Die folgenden Tage bestanden erneut aus langweiligen Zusammenkünften im Ratssaal des Palastes, auf die er den immer schlechter gelaunten Gunnet Bohns begleiten musste. Gespräche über Münzen und Schiffe bestimmten die Stunden. Dabei musste Di die immergleichen Beobachtungen machen: Eine freudlose Regentin und ein gelangweilter Tai. Ein müde und rastlos wirkender Gurravo Shrink, sowie ein freudestrahlender Dymen Steinfurt. Der Mann mit dem Narbengesicht und den drei geflochtenen Bartzöpfen, hielt immer wieder lange Monologe über seine unzähligen Schiffe. Lange Ausschweifungen, die einzig die Regentin zu interessieren schien.

Und dann war da natürlich noch der verrückte Hennis Krug, der Di mittlerweile immer weniger verrückt vorkam. Einmal hatte dieser ihn sogar auf das Buch angesprochen, welches er gerade las.

„Die Länder hinter den Ländern", rezitierte dieser freudig lächelnd den, in großen geschnörkelten Lettern geschriebenen, Titel auf dem schwarzen Ledereinband.

Der buckelige Mann trug an diesem Tag ein purpurfarbenes Gewand, sowie eine Kopfbedeckung in der gleichen Farbe. Er wirkte sehr gepflegt und roch nach Blumen, wenn auch nicht so stark und übertrieben, wie der Tai, den man, selbst mit geschlossenen Augen, auf mehrere Meter Entfernung bereits wahrnahm.

„Torre Gumber war ein wahrhaft außergewöhnlicher Mensch. Womöglich der größte Abenteurer, der je gelebt hat", wusste er, „seine Überlegungen zu einer Welt hinter dem Ende der Welt, sind aber sicherlich nur niedergeschriebener Wunschtraum. Interessant und faszinierend zu lesen, wohl wahr, aber nur der Fantasie eines Mannes entsprungen."

Krug lies sein gesundes Auge von dem Buchtitel hoch zu Di wandern: „Wer hat dir das Lesen beigebracht, mein Junge?"

„Mein Vater", antwortete Di sogleich und musste aufpassen, dass er sein Kinn dabei nicht allzu stolz in die Lüfte erhob. Der edelste Schmuck, den man tragen kann, sei schließlich Bescheidenheit.

„Du bist Dieke Brahmen, nicht wahr? Es tut mir aufrichtig Leid, was deinem Vater zugestoßen ist."

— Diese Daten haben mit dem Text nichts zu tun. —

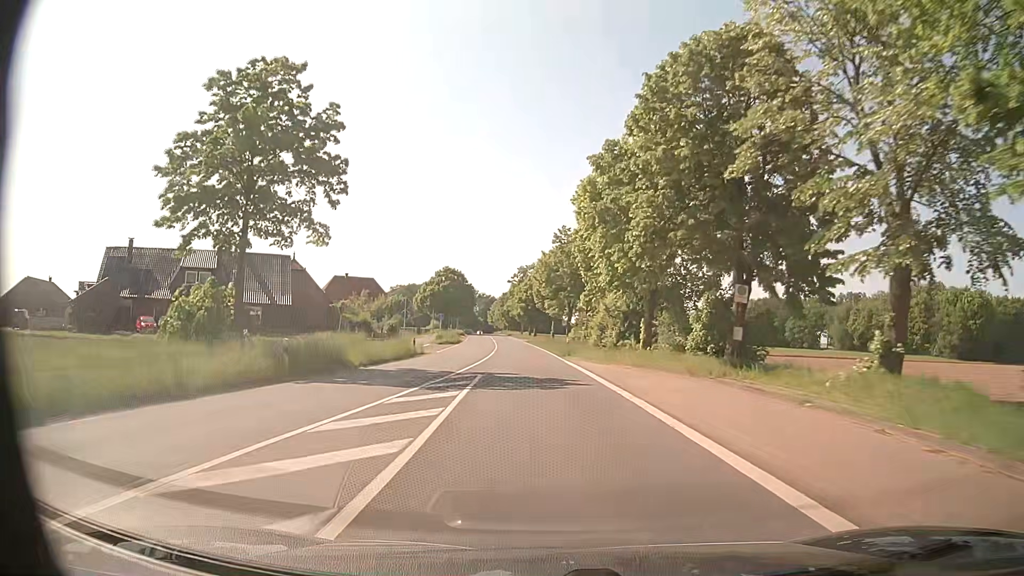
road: secondary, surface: asphalt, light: Day
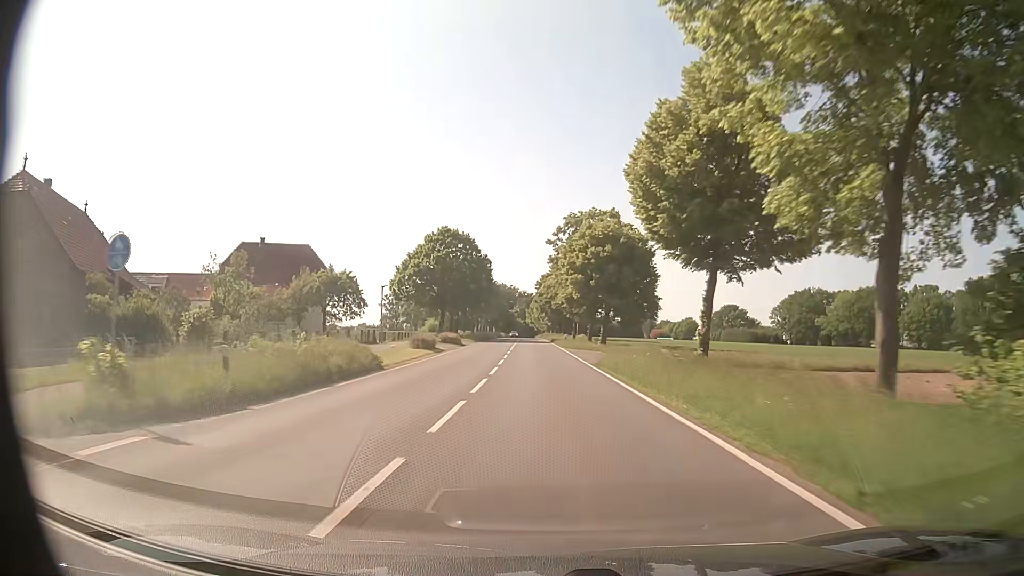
(-2.7, +56.7) m; -4°
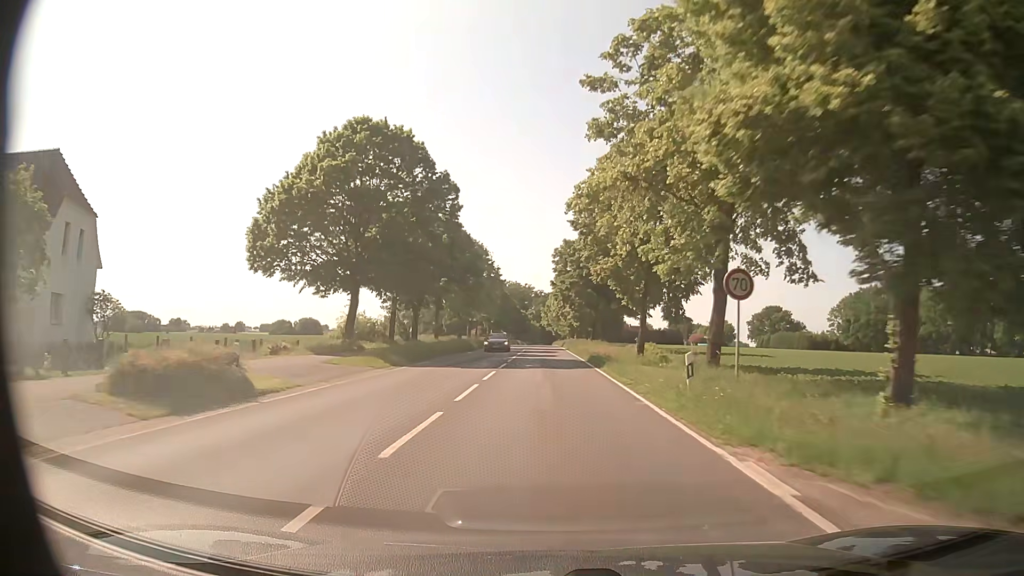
(-0.5, +44.5) m; -1°
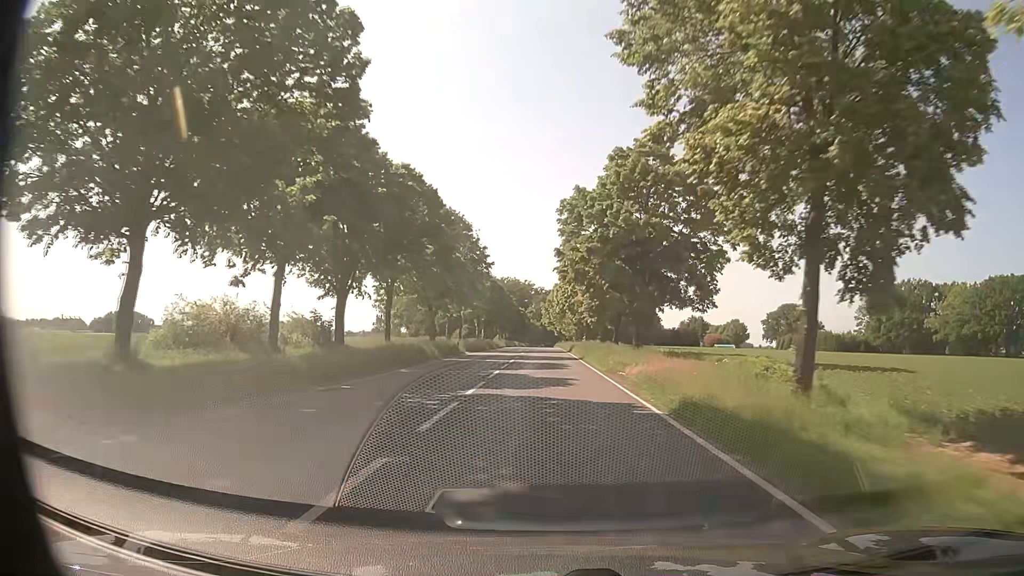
(-0.1, +22.3) m; -1°
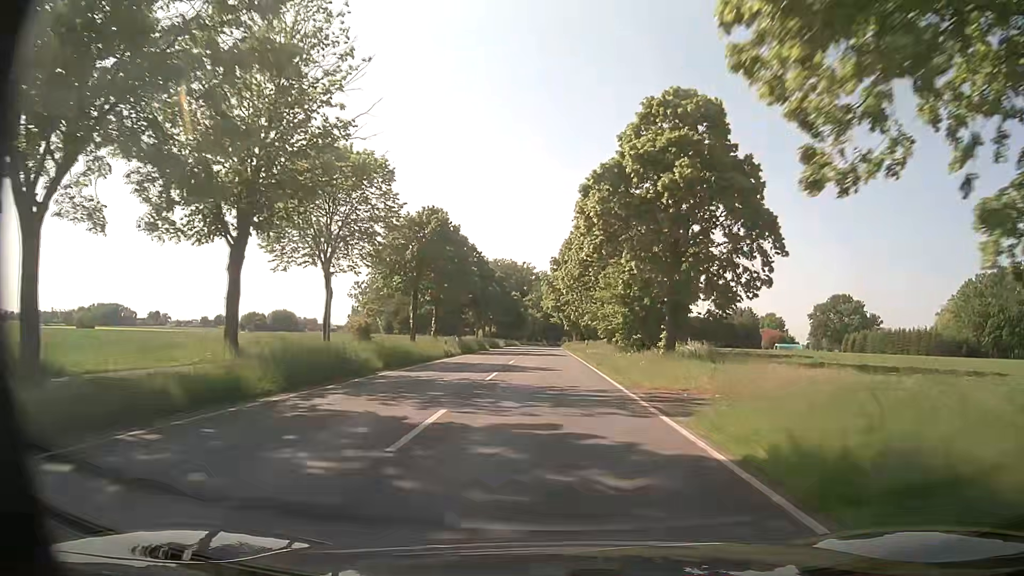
(+0.5, +56.0) m; +1°
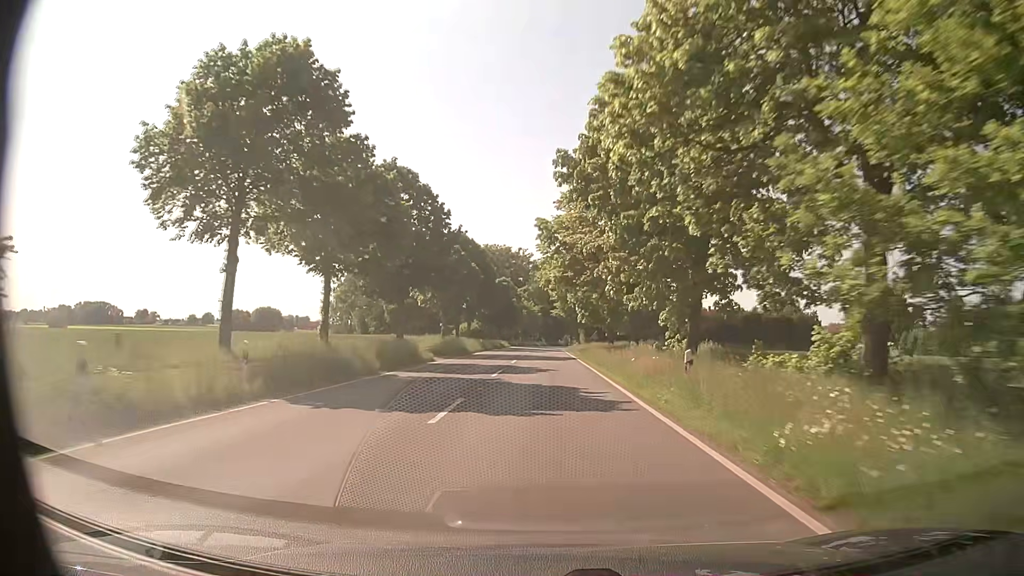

Di wusste nicht so recht, wie er dem Mann seine Dankbarkeit zeigen sollte, nickte daher nur etwas zögerlich, dabei den Blick gesenkt haltend. Woher aber kannte Hennis Krug seinen Vater? Kal Brahmen jedenfalls hatte nie etwas von einem halbblinden, verrückten Mann erzählt, zumindest nicht, dass er sich daran erinnern konnte. Ohne dass eine Frage dazu formuliert wurde, lieferte Krug aber schon die Antwort: „Ich saß damals im Rat und hatte noch zwei gesunde Augen, als uns Kunde von einem jungen Mann zugetragen wurde, der auf Einlass in den Untergrund pochte. Wir vermuteten zunächst einen Scherz gelangweilter Eingangswächter."